Füllport, zum Auffüllen von destilliertes Wasser. Mit der Zeit verdunstet immer etwas Kühlflüssigkeit.
Pumpe selbst mit voller Drehzahl so leise, dass nicht raus zu hören ist.
Schlauch ist Weichmacherfrei.
Es gibt noch eine neuere Ausführung, wo der Kühler noch kleiner ausfällt, aber diese AIO kenne ich selbst noch nicht.








						Alphacool Eisbaer Aurora LT240 CPU AIO Digital RGB
					

Die Eisbaer LT Aurora CPU AIO Wasserkühlung bietet dank dem Vollkupferradiator eine extrem gute Kühlleistung. Die verwendeten Komponenten kommen aus dem klassischen DIY-Wasserkühlungsbereich und werden auch zum größten Teil bei den...




					www.aquatuning.de
				




Die AIOs von Alphacool sind im Grunde vormontierte custom Waküs, weil alle Bestandteile aus dem Bereich der custom Wasserkühlung kommen und auch alle einzeln gekauft und jederzeit ausgetauscht werden können. Selbst die Pumpe kann nach einem defekt nachgekauft und selbst ausgetauscht werden.


----------



## volcom2 (11. März 2022)

@IICARUS 
Danke für Deinen ausführlichen Thread. Bei der Kraken steht aber auch Kühlkörpermaterial Kupfer. Oder bezieht sich das nicht auf den Radiator an sich?

Ich werd mir die Facts der WaKü mal im Detail ansehen! Danke!


----------



## psalm64 (11. März 2022)

IICARUS bezieht sich auf Kühlkörper + Radiator.
Die sind idealerweise beide aus Kupfer.

Bei ausgewählten NZXT hast Du im Gegensatz zu viele anderen Herstellern allerdings den Vorteil, das Du 6 Jahre Garantie hast.
Ist halt die Frage, hat man Lust, sich nach 3-5 Jahren mit einer Reklamation zu beschäftigen, die einem die Meisten androhen, die sich mit Thema befassen. 

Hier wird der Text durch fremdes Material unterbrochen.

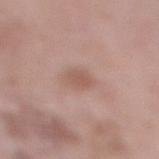Impression:
Imaged during a routine full-body skin examination; the lesion was not biopsied and no histopathology is available.
Background:
From the right lower leg. Automated tile analysis of the lesion measured an eccentricity of roughly 0.85 and a shape-asymmetry score of about 0.2 (0 = symmetric). The analysis additionally found a mean CIELAB color near L≈55 a*≈20 b*≈26 and a normalized border contrast of about 6. And it measured a border-irregularity rating of about 2/10, a within-lesion color-variation index near 1/10, and peripheral color asymmetry of about 0.5. Measured at roughly 3 mm in maximum diameter. A lesion tile, about 15 mm wide, cut from a 3D total-body photograph. Imaged with white-light lighting. A female subject about 70 years old.
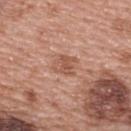Impression: Captured during whole-body skin photography for melanoma surveillance; the lesion was not biopsied. Image and clinical context: A close-up tile cropped from a whole-body skin photograph, about 15 mm across. An algorithmic analysis of the crop reported a lesion-to-skin contrast of about 6 (normalized; higher = more distinct). The analysis additionally found a border-irregularity rating of about 3/10, a color-variation rating of about 2/10, and a peripheral color-asymmetry measure near 1. A female subject, aged 58 to 62. This is a white-light tile. Measured at roughly 2.5 mm in maximum diameter. On the upper back.
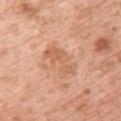workup: total-body-photography surveillance lesion; no biopsy.
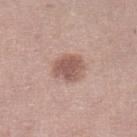follow-up — no biopsy performed (imaged during a skin exam) | site — the left lower leg | size — ≈3.5 mm | tile lighting — white-light | automated lesion analysis — a footprint of about 8.5 mm² and an outline eccentricity of about 0.55 (0 = round, 1 = elongated); a lesion color around L≈55 a*≈20 b*≈24 in CIELAB and about 12 CIELAB-L* units darker than the surrounding skin; a border-irregularity index near 2/10 and radial color variation of about 1; a classifier nevus-likeness of about 65/100 and a lesion-detection confidence of about 100/100 | image source — 15 mm crop, total-body photography | subject — female, aged 48–52.
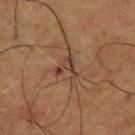Impression: No biopsy was performed on this lesion — it was imaged during a full skin examination and was not determined to be concerning. Clinical summary: Located on the upper back. Captured under cross-polarized illumination. Automated tile analysis of the lesion measured a within-lesion color-variation index near 1.5/10 and radial color variation of about 0.5. It also reported a classifier nevus-likeness of about 0/100 and lesion-presence confidence of about 55/100. The subject is a male roughly 60 years of age. Cropped from a whole-body photographic skin survey; the tile spans about 15 mm.

Ich habe mich damals wegen der Optik mit Display für die NZXT Z73 entschieden, weil mir die 6 Jahre Garantie einfach reichten.
Aber Du hast ja die X gewählt, da macht das ja quasi keinen Unterschied. Wenn Du kein Display willst, würde ich auch zur Cu/Cu-Kombi greifen.


----------



## IICARUS (11. März 2022)

Im Prinzip ist auch nichts gegen zusprechen, nur geht halt nach der Garantiezeit was defekt muss halt neu gekauft werden. Kühlen tun die AIOs mehr oder weniger gleich gut.

Ich bevorzuge halt was von Alphacool, weil dort alles ausgetauscht werden kann und nicht direkt neu gekauft werden muss. Das fängt bereits damit an, dass mit anderen AIOs meist noch nicht mal das destilliertes Wasser nachgefüllt werden kann, ohne die Werksgarantie zu verlieren. Bei einer Cooler Master AIO gab es sogar eine Schraube als Füllport, aber unter einem Garantiesiegel, was natürlich zum Erlöschen der Garantie dann führt.



volcom2 schrieb:


> Danke für Deinen ausführlichen Thread. Bei der Kraken steht aber auch Kühlkörpermaterial Kupfer. Oder bezieht sich das nicht auf den Radiator an sich?


Ein Radiator ist ein Wärmeaustauscher und kein Kühler, der die Wärme vom Prozessor aufnimmt. Denn das Wasser muss ja auch irgendwie wieder heruntergekühlt werden.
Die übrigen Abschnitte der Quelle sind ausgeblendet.